Il n’aura même pas fallu 24 heures depuis la parution hier des dessins satiriques « Les visages de Mahommet » dans France Soir pour que son propiétaire, Raymond Lakah, présente des excuses et limoge le président et directeur de la publication Jacques Lefranc.

Mais c’est bien le propriétaire de France Soir dont nous pouvons déplorer l’attitude, car la décision de publier les caricatures doit rester tout à l’honneur du quotidien et représente une exception courageuse en France (« En France, le quotidien populaire France Soir est pour le moment le seul à avoir publié mercredi les 12 caricatures du prophète avec en titre de “Une”: “Oui, on a le droit de caricaturer Dieu”. » AFP 02/02/2006).
Rappelons aussi que Serge Faubert, dans son commentaire intitulé « Intolérance » paru hier en page 4 de France Soir, ne mâchait pas ses mots (reproduit ci-dessous), tout comme Arnaud Lévy, interviewé dans le journal de la mi-journée de France Culture du 01/02/06 en tant que rédacteur en chef de France Soir (site de France Culture, journal de la mi-journée du 1er février 2006 : www.franceculture.com).

Et n’oublions pas le contexte dans lequel survit France Soir, une très délicate situation financière. «… Impliqué financièrement dans de nombreuses autres affaires, Raymond Lakah a déposé une requête en suspicion au greffe du tribunal de commerce de Bobigny, dans laquelle il met en cause l’impartialité du président et où il demande le dessaisissement de ce tribunal.
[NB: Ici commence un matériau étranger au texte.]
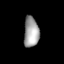
Tissue: lung
Cell type: Epithelial cells
Senescence score: 0.1714
Nuclear area (px): 447
Mean DAPI intensity: 160.944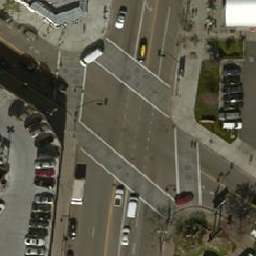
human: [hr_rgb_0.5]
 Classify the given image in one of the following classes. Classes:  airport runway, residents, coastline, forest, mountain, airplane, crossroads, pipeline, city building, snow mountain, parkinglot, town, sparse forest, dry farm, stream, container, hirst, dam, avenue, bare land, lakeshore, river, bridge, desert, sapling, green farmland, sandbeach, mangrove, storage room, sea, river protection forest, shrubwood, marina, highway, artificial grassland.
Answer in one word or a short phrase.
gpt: crossroads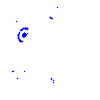
Particle: kaon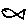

Si le jugement est délocalisé, comme le souhaite l’homme d’affaires franco-égyptien, les audiences seront encore repoussées de plusieurs semaines. Des semaines que France Soir ne peut assumer. Un geste qui ne va pas réhausser le peu d’estime que le personnel du quotidien avait pour son propriétaire. Sur un mur de la rédaction sont scotchées plusieurs dépêches et coupures de journaux qui rendent compte des déconvenues financières de Raymond Lakah. Un titre de une de France Soir y est juxtaposé : « Voleur ». « Il nous manque un certain nombre de millions pour terminer l’année et on apprend que ces millions sont partis sur le compte d’une holding. Est-ce que c’était judicieux ? Ils auraient peut-être été mieux dans les caisses de France Soir. En tout cas ils nous auraient permis de passer cette année », déplore Serge Faubert. … » . (9 janvier 2006, dossier consacré à France Soir, site de Radio France : www.radiofrance.fr ).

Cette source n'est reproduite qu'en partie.